O que mais me atrai nesse formato, não só a mídia física, o encarte, a leitura das letras, o pôster, a mídia, o bolachão mesmo em si, bonito, robusto. Não só por conta disso, mas pela experiência também de você colocar um álbum inteiro para escutar, que foi pensado do início ao fim, que tem uma história, um recorte daquele ano, daquele artista ali, sabe? E que isso traz um lugar também de uma experiência sensorial. Que você senta, bota pra ouvir e aí também tem o cheirinho do vinil, os novos, os velhos. Você faz um rango, você senta, toma alguma coisa, sabe? Então tudo é muito sensorial”, diz Leonardo Fonseca.
Qualidade sonora e experiência física em lojas
O processo de gravação e reprodução de um disco de vinil captura nuances e detalhes que, muitas vezes, são perdidos nas gravações digitais. Os LP’s podem capturar chiados que, para muitos, adicionam um teor de autenticidade e realismo à música. Rildo César destaca a sonorização e considera a presença dos chiados interessante, de forma a perceber o ambiente em que o vinil foi gravado. “O chiadinho às vezes, sabe, é um charme.”, complementa Leonardo Fonseca.
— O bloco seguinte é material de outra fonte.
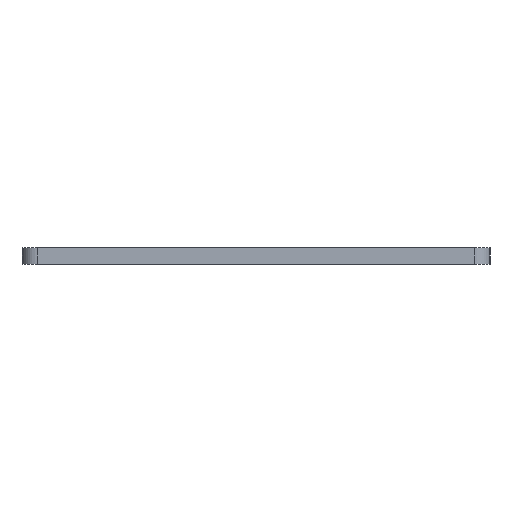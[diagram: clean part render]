
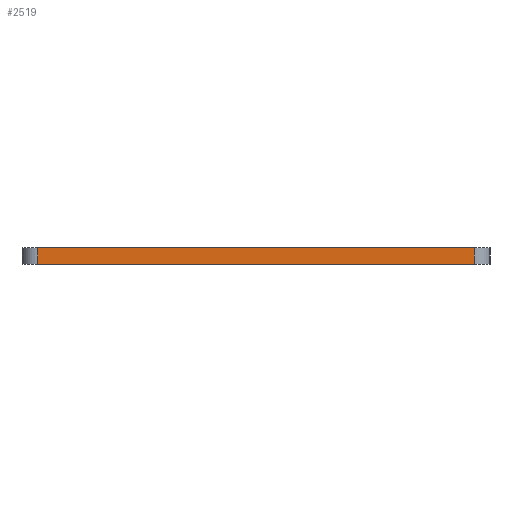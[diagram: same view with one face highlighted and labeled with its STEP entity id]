
A CAD part, left-side view. The second image highlights one B-rep face of the part: STEP entity #2519.
In plain terms, the highlighted planar face has unit normal (-1, 0, 0).
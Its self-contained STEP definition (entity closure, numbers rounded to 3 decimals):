
#142=PLANE('',#2767);
#223=FACE_OUTER_BOUND('',#389,.T.);
#389=EDGE_LOOP('',(#2049,#2050,#2051,#2052));
#619=LINE('',#4030,#827);
#632=LINE('',#4143,#840);
#633=LINE('',#4146,#841);
#634=LINE('',#4147,#842);
#827=VECTOR('',#3267,10.);
#840=VECTOR('',#3374,10.);
#841=VECTOR('',#3377,10.);
#842=VECTOR('',#3378,10.);
#1188=VERTEX_POINT('',#4027);
#1189=VERTEX_POINT('',#4029);
#1242=VERTEX_POINT('',#4141);
#1243=VERTEX_POINT('',#4145);
#1494=EDGE_CURVE('',#1189,#1188,#619,.T.);
#1551=EDGE_CURVE('',#1189,#1242,#632,.T.);
#1552=EDGE_CURVE('',#1243,#1188,#633,.T.);
#1553=EDGE_CURVE('',#1242,#1243,#634,.T.);
#2049=ORIENTED_EDGE('',*,*,#1551,.F.);
#2050=ORIENTED_EDGE('',*,*,#1494,.T.);
#2051=ORIENTED_EDGE('',*,*,#1552,.F.);
#2052=ORIENTED_EDGE('',*,*,#1553,.F.);
#2519=ADVANCED_FACE('',(#223),#142,.T.);
#2767=AXIS2_PLACEMENT_3D('',#4144,#3375,#3376);
#3267=DIRECTION('',(0.,-1.,0.));
#3374=DIRECTION('',(0.,0.,1.));
#3375=DIRECTION('center_axis',(-1.,0.,0.));
#3376=DIRECTION('ref_axis',(0.,-1.,0.));
#3377=DIRECTION('',(0.,0.,-1.));
#3378=DIRECTION('',(0.,-1.,0.));
#4027=CARTESIAN_POINT('',(-241.3,-41.5,0.));
#4029=CARTESIAN_POINT('',(-241.3,41.5,0.));
#4030=CARTESIAN_POINT('',(-241.3,44.5,0.));
#4141=CARTESIAN_POINT('',(-241.3,41.5,3.175));
#4143=CARTESIAN_POINT('',(-241.3,41.5,0.));
#4144=CARTESIAN_POINT('Origin',(-241.3,44.5,0.));
#4145=CARTESIAN_POINT('',(-241.3,-41.5,3.175));
#4146=CARTESIAN_POINT('',(-241.3,-41.5,0.));
#4147=CARTESIAN_POINT('',(-241.3,44.5,3.175));

Mesmo com os formatos digitais de reprodução, muitos músicos e ouvintes seguem preferindo o som analógico presente nos vinis. Lojistas, colecionadores e entusiastas reafirmam as diferenças entre as versões. Adriano Ribeiro caracteriza a qualidade do áudio presente nos discos como superior em comparação ao digital. Dividindo a mesma opinião, Alexandre Veloso complementa: “Claro que tem uma diferença sonora real, isso não é uma invenção. Quando você tem um equipamento bom para ouvir um disco de vinil, você vai notar algumas coisas que nem o CD, nem o formato digital apresentam, porque o vinil é a reprodução mais próxima do real que foi tocado”.
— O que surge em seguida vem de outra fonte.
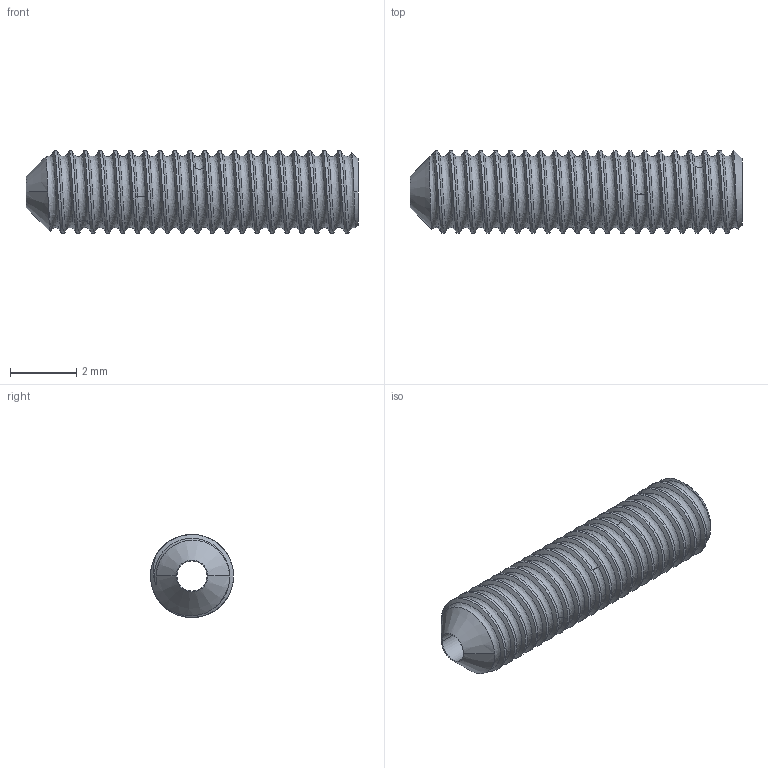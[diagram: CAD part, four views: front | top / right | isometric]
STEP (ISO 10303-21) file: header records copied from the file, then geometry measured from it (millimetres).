
FILE_DESCRIPTION((''),'2;1');
FILE_NAME('001_SET_SCREW_MM_ASM','2023-10-27T',('SYSTEM'),(''),'PRO/ENGINEER BY PARAMETRIC TECHNOLOGY CORPORATION, 2016360','PRO/ENGINEER BY PARAMETRIC TECHNOLOGY CORPORATION, 2016360','');
FILE_SCHEMA(('AUTOMOTIVE_DESIGN { 1 0 10303 214 1 1 1 1 }'));
Length unit declared in the file: millimetre
Products named in the file (2): MT-254_AF0; 001_SET_SCREW_MM_ASM
Assembly tree (1 placements, depth 2):
  001_SET_SCREW_MM_ASM
    MT-254_AF0
Bounding box: 10 x 2.5 x 2.5 mm (x, y, z)
Volume: 31.8 mm3; surface area: 133.7 mm2
Topology: 1 solids, 1 shells, 74 faces, 202 edges, 130 vertices
Faces by surface type: cylinder 42, bspline 18, plane 8, cone 6
Entity records: 10162 total; most frequent: CARTESIAN_POINT 8358, ORIENTED_EDGE 404, DIRECTION 215, EDGE_CURVE 202, VERTEX_POINT 130, B_SPLINE_CURVE_WITH_KNOTS 116, COLOUR_RGB 110, EDGE_LOOP 76

Para colecionadores e entusiastas, os sebos e lojas especializadas são verdadeiros templos: estabelecimentos que, devido ao surgimento dos CDs e o crescimento da era digital, viveram anos de pouca clientela. Alexandre Veloso enxerga as lojas de vinil como ambientes específicos e interessantes. “Estamos no Edifício Maletta, se a pessoa entra no comércio e vê uma loja de disco, ela pode até não consumir o vinil, mas ela entra para dar uma olhada e pode ser que uma hora ela tenha contato com disco, pode ser que não, mas esse leque de opções de pessoas, de demanda, está crescendo bastante”, complementa.
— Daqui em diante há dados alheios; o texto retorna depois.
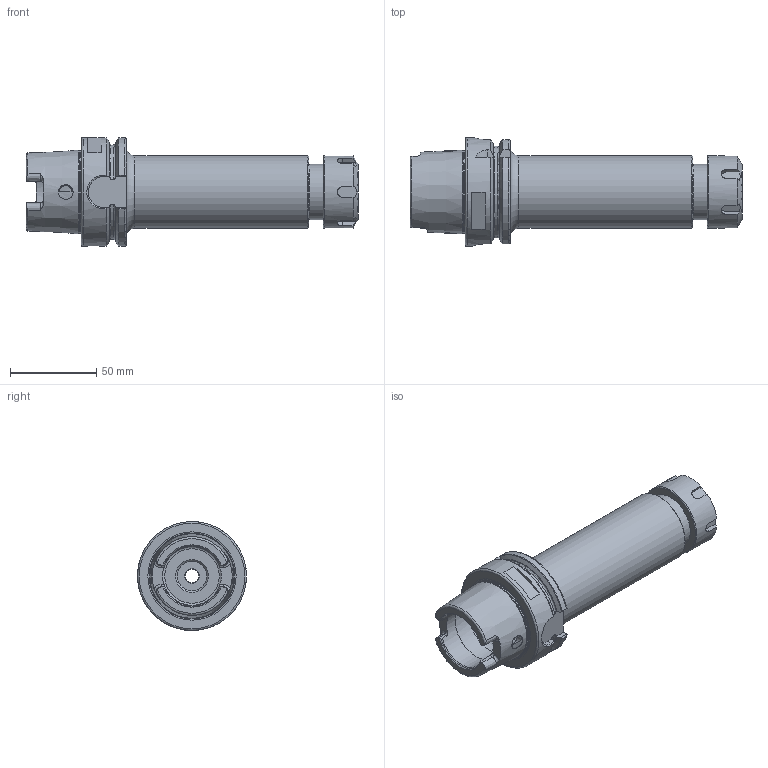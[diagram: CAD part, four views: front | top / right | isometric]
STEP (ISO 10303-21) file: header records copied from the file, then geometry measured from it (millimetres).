
FILE_DESCRIPTION(/* description */ (''),/* implementation_level */ '2;1');
FILE_NAME(/* name */ 'HSK063A-ER25-160.stp',/* time_stamp */ '2019-05-29T08:05:22-05:00',/* author */ ('ldfli'),/* organization */ (''),/* preprocessor_version */ 'ST-DEVELOPER v18',/* originating_system */ 'Autodesk Inventor LT',/* authorisation */ '');
FILE_SCHEMA (('AUTOMOTIVE_DESIGN { 1 0 10303 214 3 1 1 }'));
Length unit declared in the file: millimetre
Products named in the file (1): HSK063A-ER25-160
Bounding box: 192 x 63 x 63 mm (x, y, z)
Volume: 226490.2 mm3; surface area: 50516.4 mm2
Topology: 2 solids, 2 shells, 181 faces, 536 edges, 371 vertices
Faces by surface type: plane 71, cylinder 40, cone 29, torus 28, bspline 13
Full cylindrical faces by diameter (mm): 7.5 x2, 8 x1, 10 x1, 14 x1, 15.748 x1, 17 x1, 18 x1, 19 x1, 20.515 x1, 23.5 x1, 28.5 x1, 30.5 x1, 32 x1, 33.72 x1, 34 x2, 40 x1, 42 x2, 48.241 x1, 63 x1
Entity records: 7727 total; most frequent: CARTESIAN_POINT 2958, ORIENTED_EDGE 1076, DIRECTION 936, EDGE_CURVE 538, AXIS2_PLACEMENT_3D 390, VERTEX_POINT 373, CIRCLE 222, EDGE_LOOP 199

As lojas oferecem mais do que discos, elas podem proporcionar uma experiência que vai além do objeto. Os amantes do vinil podem compartilhar histórias entre si, bem como novas músicas e artistas. Leonardo Fonseca relata sua vivência em sebos como um colecionador e entusiasta, “eu ia na loja do Edu, por exemplo, Discoteca Pública, me sentava lá e ficava escolhendo discos por horas, então ele me indicava alguns discos que eu não conhecia e, a partir do meu gosto, ele falava, ‘olha, que legal, você levou esse, tem esse outro também, ele está muito barato, eu acho que você talvez vá gostar’. Então, a importância do sebos também se encontra nesse lugar da democratização do disco, sabe?”.
A sobrevivência do vinil na era digital
Mesmo em uma realidade na qual os serviços de streaming oferecem fácil acesso a inúmeras músicas, o vinil sobrevive, oferecendo profundidade, autenticidade e conexão com a história da música. Para Rildo César, os LP’s são uma forma de resistência cultural. Hoje, o vinil é considerado mais do que um suporte para música mas, também, um símbolo de uma época, uma obra de arte. Ele continua a atrair novos públicos e a manter sua relevância em um mundo cada vez mais digital, evidenciando a experiência sensorial, nostálgica e emocional dos famosos “bolachões”.
O vinil é um objeto de acervo, é um documento. É um documento da época. O vinil permanece, a qualidade sonora dele permanece. Então, para mim, é como se fosse um documento histórico, cultural, em que ele traz muito esse valor como um acervo que a gente tem que cuidar e manter com todo o respeito e carinho que essa obra merece”, conclui Leonardo Fonseca.